Object Detection in Images and Videos using Python, OpenCV and YOLOv3

tl;dr: It’s surprisingly easy to use a pretrained model for Object Detection in Images or Videos.
This post shows how to find cats or dogs or birds or whatever in an Image or Video.


From one of my projects I had a spare Raspberry Pi 4 and a camera lying around which desperately needed some sense in life. As I always wanted to try out on my own how easy or hard it is to detect objects in an Image or Video I started to dig into this world.

Luckily there are quite great tutorials available online and also some pretrained models you can use. My first idea was to use the ssd_mobilenet_v2_coco model1 which is provided by tensorflow. As many other models it uses the COCO2 dataset which contains 80 different object classes (e.g. cat, dog, toothbrush) that can be detected by it. Later I found the YOLOv33 model which has a similar size but provides a better scaling for different devices by setting the spatial size. This allows us to use the same model on both a small Raspberry and a normal computer with different detection rates

The world of Python also offers several computer vision frameworks of which I picked OpenCV4 for a first proof of concept. You can find all code I show here as a complete working example on Github5 and I’d suggest that you clone this repository and play a bit with the scripts.

How does this work?

Honestly? I’m not 100% sure, how the YOLOv3 model detects those images but it works :) So let me come straight to the code…

The YOLOv3 model requires two files to work: the weights and the configuration. Furthermore I added a txt file which contains the mapping from the numeric detections to the actual names (e.g. 2 for cat).

We can then use cv2.dnn.readNet(...) to read the model and make it usable. The model requires us to pass a single image for detection and then returns an array with all detected objects. If you want to process a video, you have to pass each single frame.
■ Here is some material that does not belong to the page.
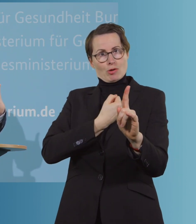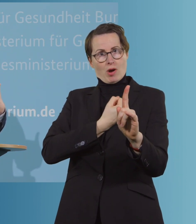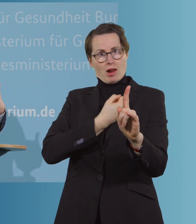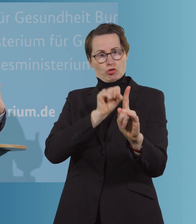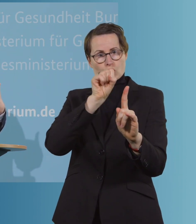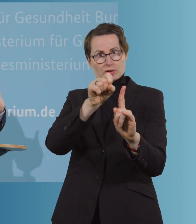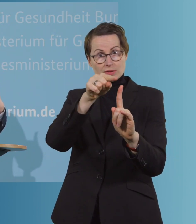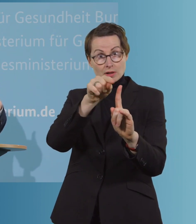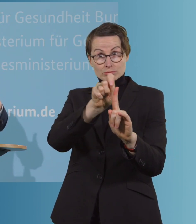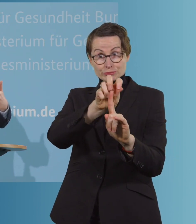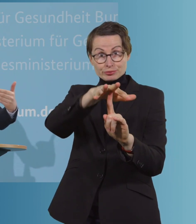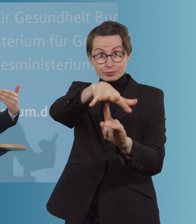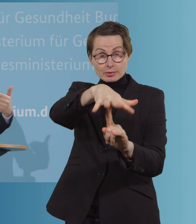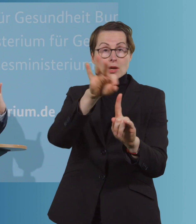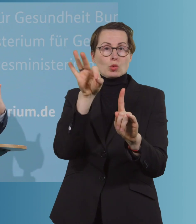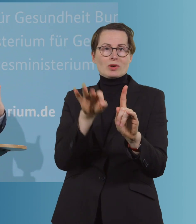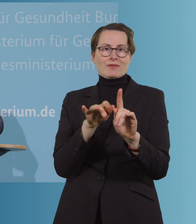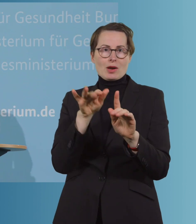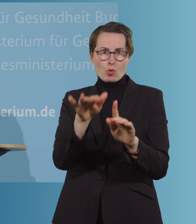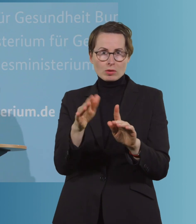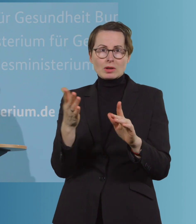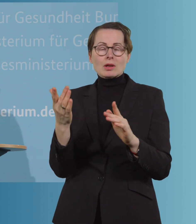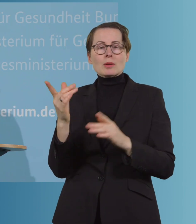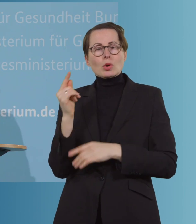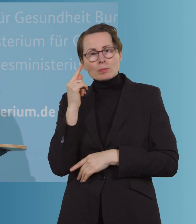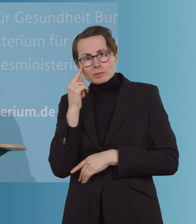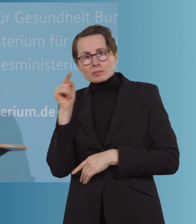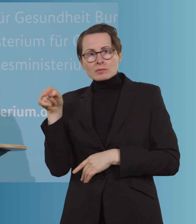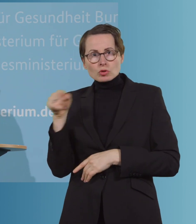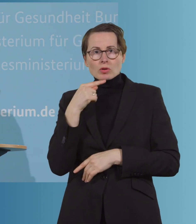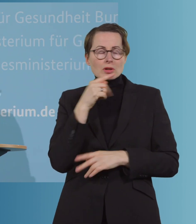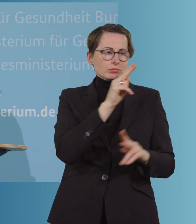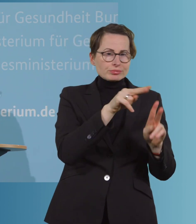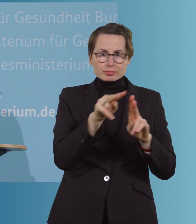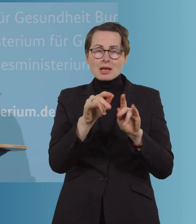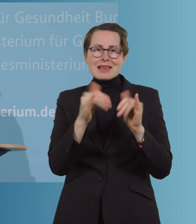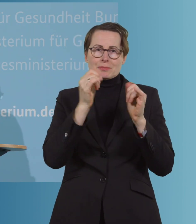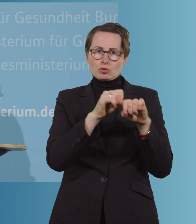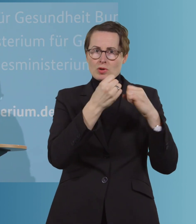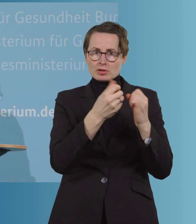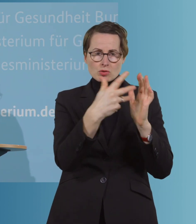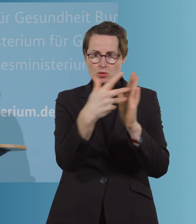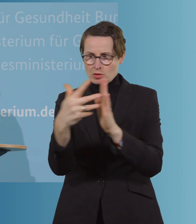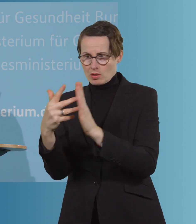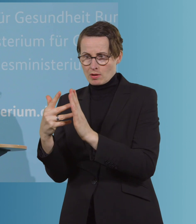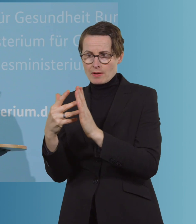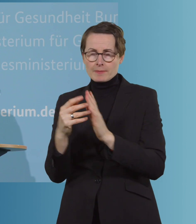Und das trifft ja schon relativ viele Lebenssachverhalte. Trotzdem kann es eben möglicherweise bei seltenen
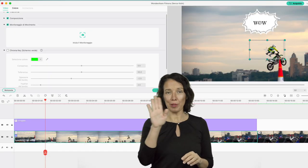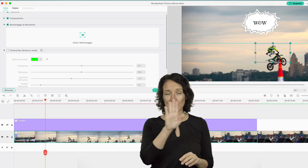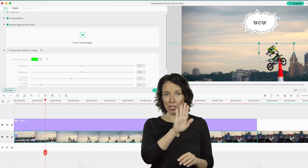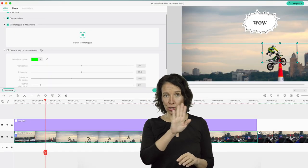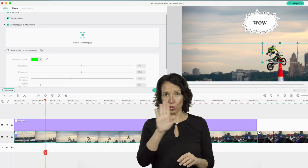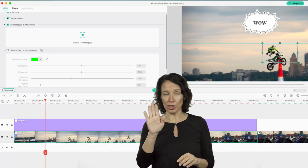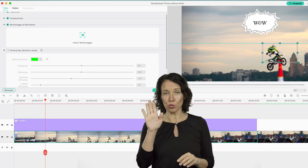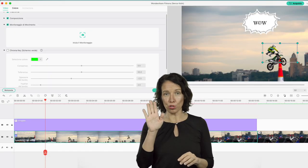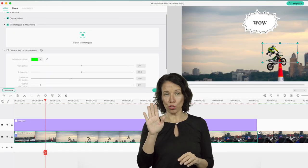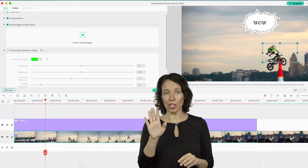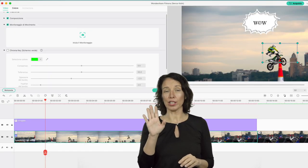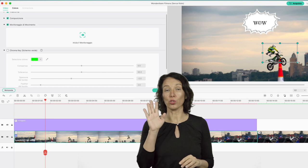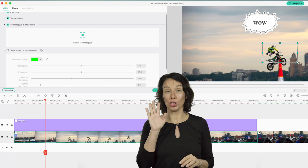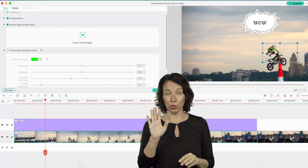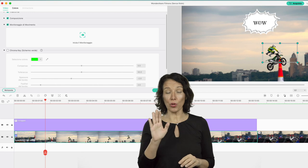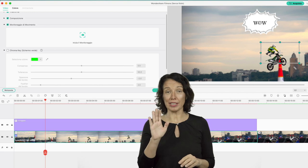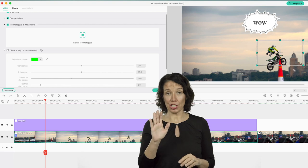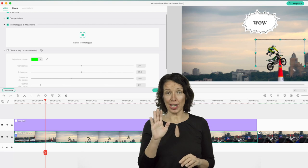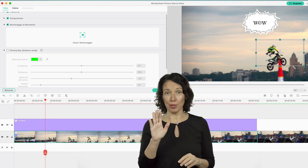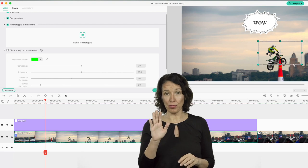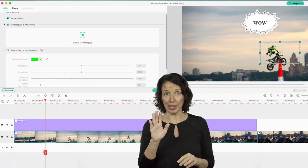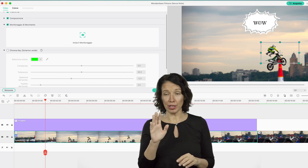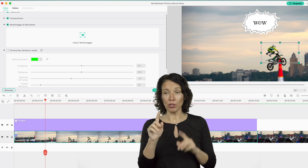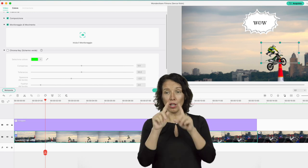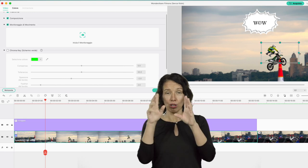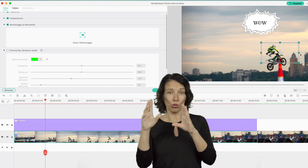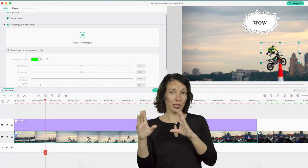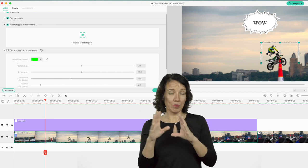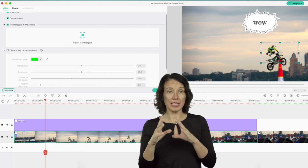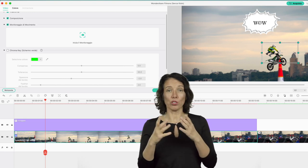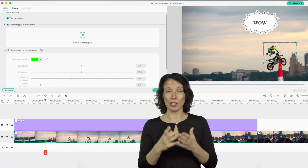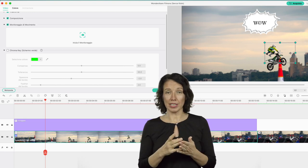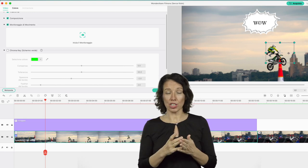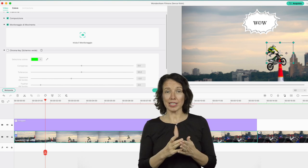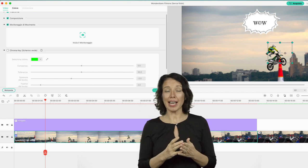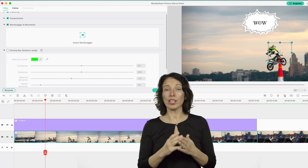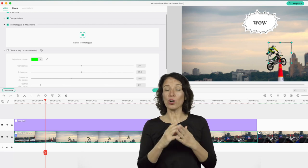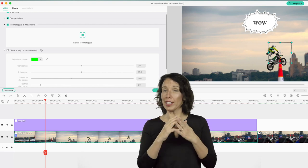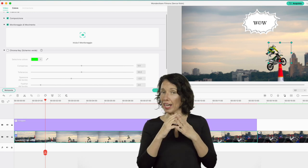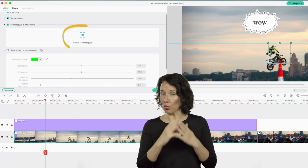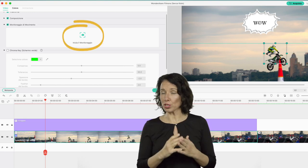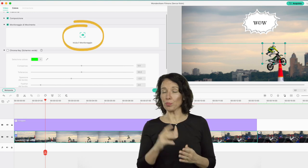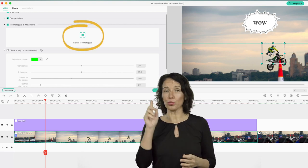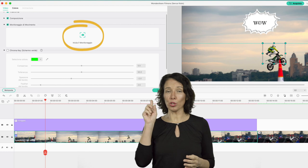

To increase the accuracy, just change the modelSize to an higher value but this will also cost a lot of performance. On the YOLO website you can find an table with different examples.

blob = cv2.dnn.blobFromImage(image, self.scale, (self.modelSize, self.modelSize), (0, 0, 0), True, crop=False)
retval = self.model.forward(self.get_output_layers(self.model))
for out in retval:
  for detection in out:
    scores = detection[5:]
    class_id = np.argmax(scores)
    confidence = scores[class_id]

detection[0] and detection[1] contain the X and Y position of the detected object, detection[2] and detection[3] are the width and height. All those values have a range of 0..1 so you’ll need to multiply them with the image width or height to get pixel values.

With those information you should now be able to draw a bounding box around the object and annotate it with a label. I encapsulated all the detection logic into the YoloObjectDetector.py file, a basic output can be found in Output.py.